CHRIS SUMMERFIELD, CENTER, is shown with Ron Nepper, left, and Steve Nepper, right, at Nepper’s Body Shop in Quinnesec. Summerfield has taken over the longtime business and will reopen it as AutoMoxie on July 22. (Brian Christensen/Daily News photo)

QUINNESEC — After 99 years, Nepper’s Body Shop in Quinnesec has closed — but its bay doors will rise again July 22 when AutoMoxie opens for business.

Chris Summerfield, 32, of Iron Mountain, bought the building June 28 from brothers and long-time partners Steve and Ron Nepper.

The Nepper brothers had been considering retirement when Summerfield offered to buy the building at 1301 U.S.2 in Quinnesec.

“I said, ‘Hell, yeah, I was ready to go five years ago,'” 67-year-old Steve Nepper joked.

Nepper’s first opened in Norway as Nepper’s Paint and Body Shop in 1920, seven years after the Ford Model T became the first mass-produced car. The business was opened by Steve and Ron’s grandfather, John Nepper Sr.

“He was multi-talented,” Steve said, adding his grandfather worked as a plumber, electrician and coach repairman before opening the business.

Nepper’s moved to Iron Mountain in 1937 before settling in Quinnesec in 1968.

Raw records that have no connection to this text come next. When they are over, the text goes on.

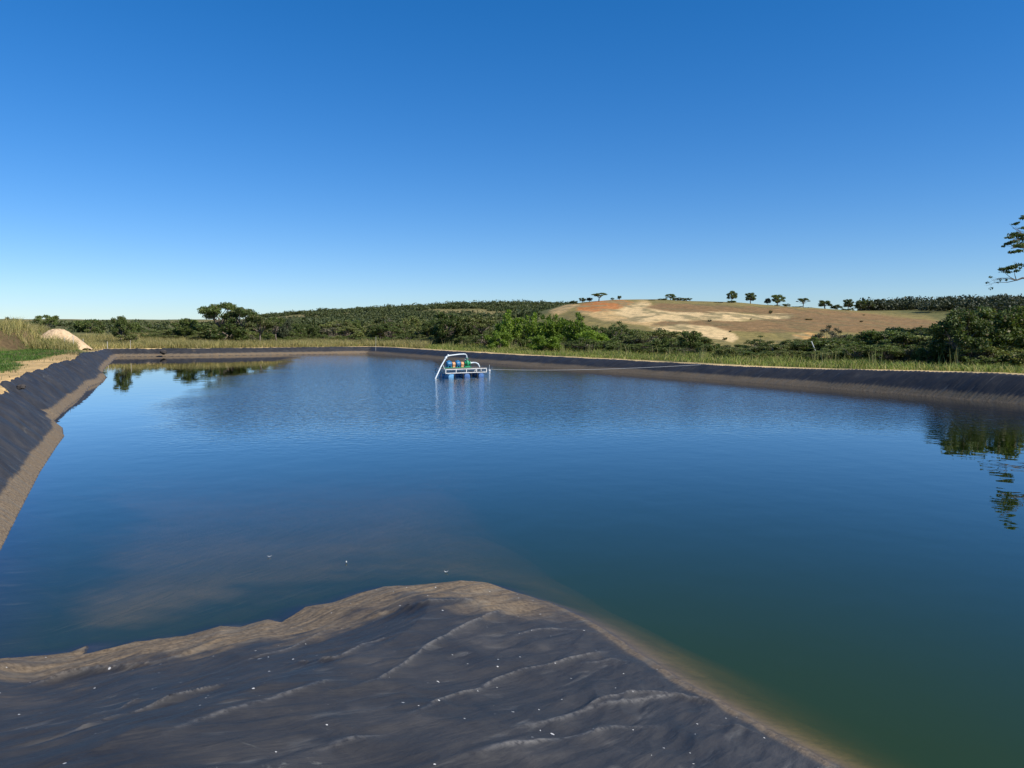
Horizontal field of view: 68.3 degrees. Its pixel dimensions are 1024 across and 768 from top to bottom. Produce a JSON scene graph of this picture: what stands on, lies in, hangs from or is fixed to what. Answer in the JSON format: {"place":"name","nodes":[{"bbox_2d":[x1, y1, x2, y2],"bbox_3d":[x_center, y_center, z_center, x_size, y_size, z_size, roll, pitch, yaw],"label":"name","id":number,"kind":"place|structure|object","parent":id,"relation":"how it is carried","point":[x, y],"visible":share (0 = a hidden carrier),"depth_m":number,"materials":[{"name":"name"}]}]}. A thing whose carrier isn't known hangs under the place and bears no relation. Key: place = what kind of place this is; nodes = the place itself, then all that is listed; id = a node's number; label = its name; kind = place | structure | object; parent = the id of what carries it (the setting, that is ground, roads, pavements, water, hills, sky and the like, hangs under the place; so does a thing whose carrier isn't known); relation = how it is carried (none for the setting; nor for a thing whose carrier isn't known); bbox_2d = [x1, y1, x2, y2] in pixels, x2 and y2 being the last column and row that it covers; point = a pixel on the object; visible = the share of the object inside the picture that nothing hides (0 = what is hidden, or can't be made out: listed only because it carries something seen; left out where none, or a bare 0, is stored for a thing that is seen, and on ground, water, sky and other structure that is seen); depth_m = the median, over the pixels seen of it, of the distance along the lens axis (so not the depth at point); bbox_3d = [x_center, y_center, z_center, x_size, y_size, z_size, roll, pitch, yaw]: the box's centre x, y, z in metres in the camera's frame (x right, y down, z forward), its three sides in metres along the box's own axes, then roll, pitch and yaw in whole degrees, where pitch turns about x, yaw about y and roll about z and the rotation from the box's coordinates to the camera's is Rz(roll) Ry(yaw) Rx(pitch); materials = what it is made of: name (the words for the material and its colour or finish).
{"place":"outdoors","nodes":[
{"label":"outdoors","id":0,"kind":"place"},
{"bbox_2d":[0,299,1023,393],"bbox_3d":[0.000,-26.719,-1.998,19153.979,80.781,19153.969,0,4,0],"label":"ground","id":1,"kind":"structure","parent":0,"point":[778,324],"depth_m":464.73,"materials":[{"name":"brown soil"}]},
{"bbox_2d":[0,327,80,372],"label":"lawn grass","id":2,"kind":"structure","parent":1,"relation":"on","point":[21,352],"depth_m":68.77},
{"bbox_2d":[32,314,59,329],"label":"tree","id":3,"kind":"object","parent":1,"relation":"on","point":[53,319],"visible":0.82,"depth_m":126.89,"materials":[{"name":"green plant"}]},
{"bbox_2d":[1,348,101,390],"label":"dry tufts","id":4,"kind":"object","parent":1,"relation":"on","point":[67,352],"visible":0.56,"depth_m":71.09,"materials":[{"name":"beige plant"}]},
{"bbox_2d":[41,329,92,349],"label":"sand pile","id":5,"kind":"object","parent":1,"relation":"on","point":[62,333],"visible":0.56,"depth_m":102.05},
{"bbox_2d":[74,319,105,333],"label":"bush","id":6,"kind":"object","parent":1,"relation":"on","point":[90,324],"visible":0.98,"depth_m":148.43,"materials":[{"name":"green plant"}]},
{"bbox_2d":[110,315,130,338],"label":"tree","id":7,"kind":"object","parent":1,"relation":"on","point":[124,330],"visible":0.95,"depth_m":126.19,"materials":[{"name":"green plant"}]},
{"bbox_2d":[117,333,138,342],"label":"bush","id":8,"kind":"object","parent":1,"relation":"on","point":[129,337],"visible":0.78,"depth_m":124.54,"materials":[{"name":"green plant"}]},
{"bbox_2d":[122,322,141,333],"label":"tree","id":9,"kind":"object","parent":1,"relation":"on","point":[134,326],"visible":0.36,"depth_m":153.04,"materials":[{"name":"green plant"}]},
{"bbox_2d":[171,318,198,334],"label":"tree","id":10,"kind":"object","parent":1,"relation":"on","point":[185,323],"visible":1,"depth_m":140.66,"materials":[{"name":"green plant"}]},
{"bbox_2d":[196,302,236,333],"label":"tree","id":11,"kind":"object","parent":1,"relation":"on","point":[211,311],"visible":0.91,"depth_m":138.76,"materials":[{"name":"green plant"}]},
{"bbox_2d":[0,317,435,349],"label":"tall straw grass","id":12,"kind":"structure","parent":1,"relation":"on","point":[94,341],"depth_m":123.71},
{"bbox_2d":[197,322,251,341],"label":"tree","id":13,"kind":"object","parent":1,"relation":"on","point":[227,330],"visible":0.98,"depth_m":134.24,"materials":[{"name":"green plant"}]},
{"bbox_2d":[223,307,259,335],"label":"tree","id":14,"kind":"object","parent":1,"relation":"on","point":[237,313],"visible":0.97,"depth_m":136.58,"materials":[{"name":"green plant"}]},
{"bbox_2d":[245,314,275,341],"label":"tree","id":15,"kind":"object","parent":1,"relation":"on","point":[259,320],"visible":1,"depth_m":136.81,"materials":[{"name":"green plant"}]},
{"bbox_2d":[263,316,285,339],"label":"tree","id":16,"kind":"object","parent":1,"relation":"on","point":[280,321],"visible":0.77,"depth_m":139.42,"materials":[{"name":"green plant"}]},
{"bbox_2d":[22,314,539,337],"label":"valley woods","id":17,"kind":"object","parent":1,"relation":"on","point":[161,325],"visible":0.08,"depth_m":590.25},
{"bbox_2d":[277,316,293,336],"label":"tree","id":18,"kind":"object","parent":1,"relation":"on","point":[283,330],"visible":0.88,"depth_m":148.87,"materials":[{"name":"green plant"}]},
{"bbox_2d":[293,323,307,337],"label":"tree","id":19,"kind":"object","parent":1,"relation":"on","point":[298,328],"visible":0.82,"depth_m":155.62,"materials":[{"name":"green plant"}]},
{"bbox_2d":[305,324,320,338],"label":"tree","id":20,"kind":"object","parent":1,"relation":"on","point":[314,328],"visible":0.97,"depth_m":157.03,"materials":[{"name":"green plant"}]},
{"bbox_2d":[319,321,337,335],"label":"tree","id":21,"kind":"object","parent":1,"relation":"on","point":[328,324],"visible":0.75,"depth_m":165.05,"materials":[{"name":"green plant"}]},
{"bbox_2d":[319,324,349,336],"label":"tree","id":22,"kind":"object","parent":1,"relation":"on","point":[330,331],"visible":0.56,"depth_m":158.96,"materials":[{"name":"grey plant"}]},
{"bbox_2d":[332,319,356,336],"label":"tree","id":23,"kind":"object","parent":1,"relation":"on","point":[347,323],"visible":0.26,"depth_m":167.62,"materials":[{"name":"green plant"}]},
{"bbox_2d":[334,326,358,335],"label":"tree","id":24,"kind":"object","parent":1,"relation":"on","point":[345,329],"visible":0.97,"depth_m":156.21,"materials":[{"name":"green plant"}]},
{"bbox_2d":[354,329,387,340],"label":"tree","id":25,"kind":"object","parent":1,"relation":"on","point":[361,333],"visible":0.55,"depth_m":151.11,"materials":[{"name":"green plant"}]},
{"bbox_2d":[368,323,390,338],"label":"tree","id":26,"kind":"object","parent":1,"relation":"on","point":[382,326],"visible":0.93,"depth_m":150.24,"materials":[{"name":"green plant"}]},
{"bbox_2d":[371,316,402,333],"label":"tree","id":27,"kind":"object","parent":1,"relation":"on","point":[377,320],"visible":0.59,"depth_m":161.24,"materials":[{"name":"green plant"}]},
{"bbox_2d":[375,322,405,337],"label":"tree","id":28,"kind":"object","parent":1,"relation":"on","point":[396,330],"visible":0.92,"depth_m":150.56,"materials":[{"name":"green plant"}]},
{"bbox_2d":[395,332,415,340],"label":"bush","id":29,"kind":"object","parent":1,"relation":"on","point":[405,336],"visible":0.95,"depth_m":142.62,"materials":[{"name":"green plant"}]},
{"bbox_2d":[399,315,420,335],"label":"tree","id":30,"kind":"object","parent":1,"relation":"on","point":[410,320],"visible":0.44,"depth_m":174.88,"materials":[{"name":"green plant"}]},
{"bbox_2d":[253,299,569,325],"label":"hill woods","id":31,"kind":"object","parent":1,"relation":"on","point":[366,314],"visible":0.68,"depth_m":909.59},
{"bbox_2d":[406,325,429,341],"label":"tree","id":32,"kind":"object","parent":1,"relation":"on","point":[412,330],"visible":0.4,"depth_m":150.31,"materials":[{"name":"green plant"}]},
{"bbox_2d":[420,320,435,339],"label":"tree","id":33,"kind":"object","parent":1,"relation":"on","point":[425,325],"visible":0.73,"depth_m":147.68,"materials":[{"name":"green plant"}]},
{"bbox_2d":[434,335,453,343],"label":"bush","id":34,"kind":"object","parent":1,"relation":"on","point":[443,340],"visible":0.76,"depth_m":133.01,"materials":[{"name":"green plant"}]},
{"bbox_2d":[431,310,464,337],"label":"tree","id":35,"kind":"object","parent":1,"relation":"on","point":[444,322],"visible":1,"depth_m":133.68,"materials":[{"name":"green plant"}]},
{"bbox_2d":[452,335,471,344],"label":"bush","id":36,"kind":"object","parent":1,"relation":"on","point":[456,340],"visible":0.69,"depth_m":128.89,"materials":[{"name":"green plant"}]},
{"bbox_2d":[463,322,481,335],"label":"tree","id":37,"kind":"object","parent":1,"relation":"on","point":[472,330],"visible":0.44,"depth_m":137.26,"materials":[{"name":"green plant"}]},
{"bbox_2d":[463,337,481,344],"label":"bush","id":38,"kind":"object","parent":1,"relation":"on","point":[469,339],"visible":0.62,"depth_m":127.18,"materials":[{"name":"green plant"}]},
{"bbox_2d":[461,314,495,343],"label":"tree","id":39,"kind":"object","parent":1,"relation":"on","point":[478,319],"visible":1,"depth_m":130.38,"materials":[{"name":"green plant"}]},
{"bbox_2d":[468,331,492,345],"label":"bush","id":40,"kind":"object","parent":1,"relation":"on","point":[480,338],"visible":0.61,"depth_m":120.36,"materials":[{"name":"green plant"}]},
{"bbox_2d":[484,330,513,348],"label":"bush","id":41,"kind":"object","parent":1,"relation":"on","point":[493,342],"visible":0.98,"depth_m":107.27,"materials":[{"name":"green plant"}]},
{"bbox_2d":[492,309,523,346],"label":"tree","id":42,"kind":"object","parent":1,"relation":"on","point":[505,325],"visible":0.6,"depth_m":110.88,"materials":[{"name":"green plant"}]},
{"bbox_2d":[0,347,1023,767],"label":"pond liner","id":43,"kind":"object","parent":1,"relation":"on","point":[512,635],"visible":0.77,"depth_m":13.65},
{"bbox_2d":[503,337,529,346],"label":"bush","id":44,"kind":"object","parent":1,"relation":"on","point":[523,343],"visible":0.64,"depth_m":110.41,"materials":[{"name":"green plant"}]},
{"bbox_2d":[523,311,550,339],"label":"tree","id":45,"kind":"object","parent":1,"relation":"on","point":[532,329],"visible":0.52,"depth_m":110.99,"materials":[{"name":"green plant"}]},
{"bbox_2d":[526,334,563,351],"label":"bush","id":46,"kind":"object","parent":1,"relation":"on","point":[552,342],"visible":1,"depth_m":98.77,"materials":[{"name":"green plant"}]},
{"bbox_2d":[540,313,568,342],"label":"tree","id":47,"kind":"object","parent":1,"relation":"on","point":[556,328],"visible":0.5,"depth_m":110.95,"materials":[{"name":"green plant"}]},
{"bbox_2d":[562,312,590,348],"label":"tree","id":48,"kind":"object","parent":1,"relation":"on","point":[574,326],"visible":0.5,"depth_m":105.12,"materials":[{"name":"green plant"}]},
{"bbox_2d":[563,337,603,349],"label":"bush","id":49,"kind":"object","parent":1,"relation":"on","point":[583,343],"visible":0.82,"depth_m":98.34,"materials":[{"name":"green plant"}]},
{"bbox_2d":[574,329,609,346],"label":"bush","id":50,"kind":"object","parent":1,"relation":"on","point":[593,335],"visible":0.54,"depth_m":101.33,"materials":[{"name":"green plant"}]},
{"bbox_2d":[589,340,619,351],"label":"bush","id":51,"kind":"object","parent":1,"relation":"on","point":[595,343],"visible":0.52,"depth_m":96.17,"materials":[{"name":"green plant"}]},
{"bbox_2d":[604,321,634,338],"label":"tree","id":52,"kind":"object","parent":1,"relation":"on","point":[620,327],"visible":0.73,"depth_m":105.67,"materials":[{"name":"green plant"}]},
{"bbox_2d":[605,343,639,351],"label":"bush","id":53,"kind":"object","parent":1,"relation":"on","point":[612,347],"visible":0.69,"depth_m":93.18,"materials":[{"name":"green plant"}]},
{"bbox_2d":[623,329,651,342],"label":"tree","id":54,"kind":"object","parent":1,"relation":"on","point":[639,334],"visible":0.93,"depth_m":97.36,"materials":[{"name":"green plant"}]},
{"bbox_2d":[623,337,656,348],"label":"tree","id":55,"kind":"object","parent":1,"relation":"on","point":[636,341],"visible":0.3,"depth_m":97.03,"materials":[{"name":"green plant"}]},
{"bbox_2d":[621,342,664,351],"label":"bush","id":56,"kind":"object","parent":1,"relation":"on","point":[644,345],"visible":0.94,"depth_m":90.81,"materials":[{"name":"green plant"}]},
{"bbox_2d":[634,329,681,338],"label":"tree","id":57,"kind":"object","parent":1,"relation":"on","point":[658,333],"visible":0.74,"depth_m":112.16,"materials":[{"name":"green plant"}]},
{"bbox_2d":[651,337,675,347],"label":"bush","id":58,"kind":"object","parent":1,"relation":"on","point":[667,342],"visible":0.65,"depth_m":91.07,"materials":[{"name":"green plant"}]},
{"bbox_2d":[658,347,687,353],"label":"bush","id":59,"kind":"object","parent":1,"relation":"on","point":[665,350],"visible":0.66,"depth_m":85.77,"materials":[{"name":"green plant"}]},
{"bbox_2d":[354,340,1023,372],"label":"bank grass","id":60,"kind":"structure","parent":1,"relation":"on","point":[845,363],"depth_m":71.11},
{"bbox_2d":[677,330,702,348],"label":"bush","id":61,"kind":"object","parent":1,"relation":"on","point":[688,339],"visible":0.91,"depth_m":89.18,"materials":[{"name":"green plant"}]},
{"bbox_2d":[443,339,957,367],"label":"tall stalks","id":62,"kind":"object","parent":1,"relation":"on","point":[703,350],"visible":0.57,"depth_m":76.12,"materials":[{"name":"green plant"}]},
{"bbox_2d":[695,342,720,353],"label":"bush","id":63,"kind":"object","parent":1,"relation":"on","point":[709,347],"visible":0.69,"depth_m":83.55,"materials":[{"name":"green plant"}]},
{"bbox_2d":[715,347,737,357],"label":"bush","id":64,"kind":"object","parent":1,"relation":"on","point":[731,351],"visible":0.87,"depth_m":77.59,"materials":[{"name":"green plant"}]},
{"bbox_2d":[726,291,737,300],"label":"hill tree","id":65,"kind":"object","parent":1,"relation":"on","point":[732,295],"visible":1,"depth_m":654.53,"materials":[{"name":"green plant"}]},
{"bbox_2d":[745,292,756,302],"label":"hill tree","id":66,"kind":"object","parent":1,"relation":"on","point":[751,297],"visible":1,"depth_m":665.58,"materials":[{"name":"green plant"}]},
{"bbox_2d":[736,351,775,358],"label":"bush","id":67,"kind":"object","parent":1,"relation":"on","point":[752,352],"visible":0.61,"depth_m":76.80,"materials":[{"name":"green plant"}]},
{"bbox_2d":[742,335,774,348],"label":"tree","id":68,"kind":"object","parent":1,"relation":"on","point":[750,342],"visible":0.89,"depth_m":83.65,"materials":[{"name":"green plant"}]},
{"bbox_2d":[747,344,798,352],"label":"tree","id":69,"kind":"object","parent":1,"relation":"on","point":[754,349],"visible":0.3,"depth_m":81.51,"materials":[{"name":"green plant"}]},
{"bbox_2d":[764,343,792,350],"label":"bush","id":70,"kind":"object","parent":1,"relation":"on","point":[777,346],"visible":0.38,"depth_m":79.23,"materials":[{"name":"green plant"}]},
{"bbox_2d":[771,295,785,304],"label":"hill tree","id":71,"kind":"object","parent":1,"relation":"on","point":[777,299],"visible":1,"depth_m":663.30,"materials":[{"name":"green plant"}]},
{"bbox_2d":[769,349,801,356],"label":"bush","id":72,"kind":"object","parent":1,"relation":"on","point":[782,351],"visible":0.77,"depth_m":74.13,"materials":[{"name":"green plant"}]},
{"bbox_2d":[773,350,813,358],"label":"bush","id":73,"kind":"object","parent":1,"relation":"on","point":[795,352],"visible":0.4,"depth_m":73.32,"materials":[{"name":"green plant"}]},
{"bbox_2d":[783,341,818,351],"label":"tree","id":74,"kind":"object","parent":1,"relation":"on","point":[802,344],"visible":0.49,"depth_m":78.62,"materials":[{"name":"green plant"}]},
{"bbox_2d":[811,325,842,339],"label":"tree","id":75,"kind":"object","parent":1,"relation":"on","point":[830,333],"visible":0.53,"depth_m":87.57,"materials":[{"name":"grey plant"}]},
{"bbox_2d":[802,340,855,350],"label":"tree","id":76,"kind":"object","parent":1,"relation":"on","point":[823,343],"visible":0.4,"depth_m":77.06,"materials":[{"name":"green plant"}]},
{"bbox_2d":[813,350,850,360],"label":"bush","id":77,"kind":"object","parent":1,"relation":"on","point":[831,355],"visible":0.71,"depth_m":69.29,"materials":[{"name":"green plant"}]},
{"bbox_2d":[820,346,856,355],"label":"bush","id":78,"kind":"object","parent":1,"relation":"on","point":[837,349],"visible":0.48,"depth_m":70.70,"materials":[{"name":"green plant"}]},
{"bbox_2d":[830,334,860,341],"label":"tree","id":79,"kind":"object","parent":1,"relation":"on","point":[849,338],"visible":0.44,"depth_m":81.84,"materials":[{"name":"green plant"}]},
{"bbox_2d":[843,299,853,308],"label":"hill tree","id":80,"kind":"object","parent":1,"relation":"on","point":[848,303],"visible":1,"depth_m":665.76,"materials":[{"name":"green plant"}]},
{"bbox_2d":[835,341,868,357],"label":"bush","id":81,"kind":"object","parent":1,"relation":"on","point":[855,348],"visible":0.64,"depth_m":68.12,"materials":[{"name":"green plant"}]},
{"bbox_2d":[824,342,881,356],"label":"tree","id":82,"kind":"object","parent":1,"relation":"on","point":[831,345],"visible":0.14,"depth_m":74.26,"materials":[{"name":"green plant"}]},
{"bbox_2d":[860,339,906,360],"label":"bush","id":83,"kind":"object","parent":1,"relation":"on","point":[869,348],"visible":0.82,"depth_m":65.32,"materials":[{"name":"green plant"}]},
{"bbox_2d":[854,329,918,347],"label":"tree","id":84,"kind":"object","parent":1,"relation":"on","point":[869,335],"visible":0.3,"depth_m":73.62,"materials":[{"name":"green plant"}]},
{"bbox_2d":[870,346,908,362],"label":"bush","id":85,"kind":"object","parent":1,"relation":"on","point":[895,352],"visible":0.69,"depth_m":65.05,"materials":[{"name":"green plant"}]},
{"bbox_2d":[865,332,914,344],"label":"tree","id":86,"kind":"object","parent":1,"relation":"on","point":[900,335],"visible":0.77,"depth_m":71.25,"materials":[{"name":"green plant"}]},
{"bbox_2d":[884,349,913,362],"bbox_3d":[34.263,-2.307,65.855,2.694,1.845,2.855,-2,5,-29],"label":"bush","id":87,"kind":"object","parent":1,"relation":"on","point":[907,356],"visible":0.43,"depth_m":64.96,"materials":[{"name":"green plant"}]},
{"bbox_2d":[883,344,939,362],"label":"bush","id":88,"kind":"object","parent":1,"relation":"on","point":[902,355],"visible":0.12,"depth_m":66.10,"materials":[{"name":"green plant"}]},
{"bbox_2d":[892,329,953,344],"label":"tree","id":89,"kind":"object","parent":1,"relation":"on","point":[917,339],"visible":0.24,"depth_m":69.29,"materials":[{"name":"green plant"}]},
{"bbox_2d":[910,346,939,364],"bbox_3d":[34.375,-2.191,62.674,2.201,2.099,2.332,1,4,14],"label":"bush","id":90,"kind":"object","parent":1,"relation":"on","point":[918,354],"visible":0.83,"depth_m":62.16,"materials":[{"name":"green plant"}]},
{"bbox_2d":[908,337,949,358],"bbox_3d":[35.382,-2.561,63.466,3.263,2.752,3.481,1,4,9],"label":"bush","id":91,"kind":"object","parent":1,"relation":"on","point":[925,343],"visible":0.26,"depth_m":63.50,"materials":[{"name":"green plant"}]},
{"bbox_2d":[851,293,1023,313],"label":"ridge woods","id":92,"kind":"object","parent":1,"relation":"on","point":[1002,302],"visible":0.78,"depth_m":627.04,"materials":[{"name":"green plant"}]},
{"bbox_2d":[925,343,974,362],"bbox_3d":[36.439,-2.332,61.334,4.894,2.479,4.901,-4,6,-42],"label":"bush","id":93,"kind":"object","parent":1,"relation":"on","point":[949,351],"visible":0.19,"depth_m":60.52,"materials":[{"name":"green plant"}]},
{"bbox_2d":[925,307,993,365],"bbox_3d":[35.452,-3.529,59.938,4.765,5.303,3.956,2,5,30],"label":"tree","id":94,"kind":"object","parent":1,"relation":"on","point":[956,320],"visible":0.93,"depth_m":59.13,"materials":[{"name":"green plant"}]},
{"bbox_2d":[947,343,997,359],"bbox_3d":[35.930,-2.090,59.076,3.013,2.242,3.230,0,4,-4],"label":"bush","id":95,"kind":"object","parent":1,"relation":"on","point":[960,352],"visible":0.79,"depth_m":58.62,"materials":[{"name":"green plant"}]},
{"bbox_2d":[964,352,994,364],"bbox_3d":[36.555,-1.802,59.146,2.159,1.550,2.392,-4,6,-42],"label":"bush","id":96,"kind":"object","parent":1,"relation":"on","point":[975,355],"visible":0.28,"depth_m":58.59,"materials":[{"name":"green plant"}]},
{"bbox_2d":[958,355,1014,366],"bbox_3d":[36.388,-1.608,58.083,3.869,1.272,4.287,2,5,30],"label":"bush","id":97,"kind":"object","parent":1,"relation":"on","point":[999,360],"visible":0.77,"depth_m":56.99,"materials":[{"name":"green plant"}]},
{"bbox_2d":[974,304,1023,350],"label":"tree","id":98,"kind":"object","parent":1,"relation":"on","point":[1013,317],"visible":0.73,"depth_m":59.51,"materials":[{"name":"green plant"}]},
{"bbox_2d":[982,345,1023,366],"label":"bush","id":99,"kind":"object","parent":1,"relation":"on","point":[1015,354],"visible":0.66,"depth_m":56.67,"materials":[{"name":"green plant"}]},
{"bbox_2d":[985,215,1023,289],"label":"tall tree","id":100,"kind":"object","parent":1,"relation":"on","point":[1018,244],"visible":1,"depth_m":72.31,"materials":[{"name":"green plant"}]},
{"bbox_2d":[0,0,1023,319],"label":"sky","id":101,"kind":"structure","parent":0,"point":[160,159],"materials":[{"name":"blue"}]},
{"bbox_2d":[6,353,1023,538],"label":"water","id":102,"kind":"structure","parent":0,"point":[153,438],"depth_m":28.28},
{"bbox_2d":[435,353,486,377],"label":"pump raft","id":103,"kind":"object","parent":102,"relation":"on","point":[456,365],"visible":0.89,"depth_m":67.59,"materials":[{"name":"white paint"}]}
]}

John Nepper Jr. became sole owner after his father died in 1963. Though all six of his sons worked in the shop, Steve and younger brother Ron — who joined in 1969 and 1980, respectively — were the only two to pursue autobody repair as a career.

“That’s three generations that have been banging on fenders,” Steve said. Yet he was not beholden to the past — he discouraged his own son from working in the family business.

“I told him, ‘Don’t do it,'” Steve said. “‘Use the noodle. Go to school.'”

“That’s what I did,” Summerfield said with a laugh.

A graduate of the Universal Technical Institute in Illinois, Summerfield took interest in automotive repair, metalwork and welding while in high school. Before buying Nepper’s, he worked 13 years in the service department of a local dealership.

Unlike Nepper’s, AutoMoxie will not do body repairs. Instead, the business will focus on vehicle maintenance — transmission rebuilds, brake replacement, suspension adjustments and wheel alignments, among other things.

Summerfield included “moxie” in the name of his business for its definition.

“Moxie is force of character, determination,” Summerfield said. “It’s just who I am. Too stubborn to quit.”

“We’re the past,” Ron Nepper said, “he’s the future.”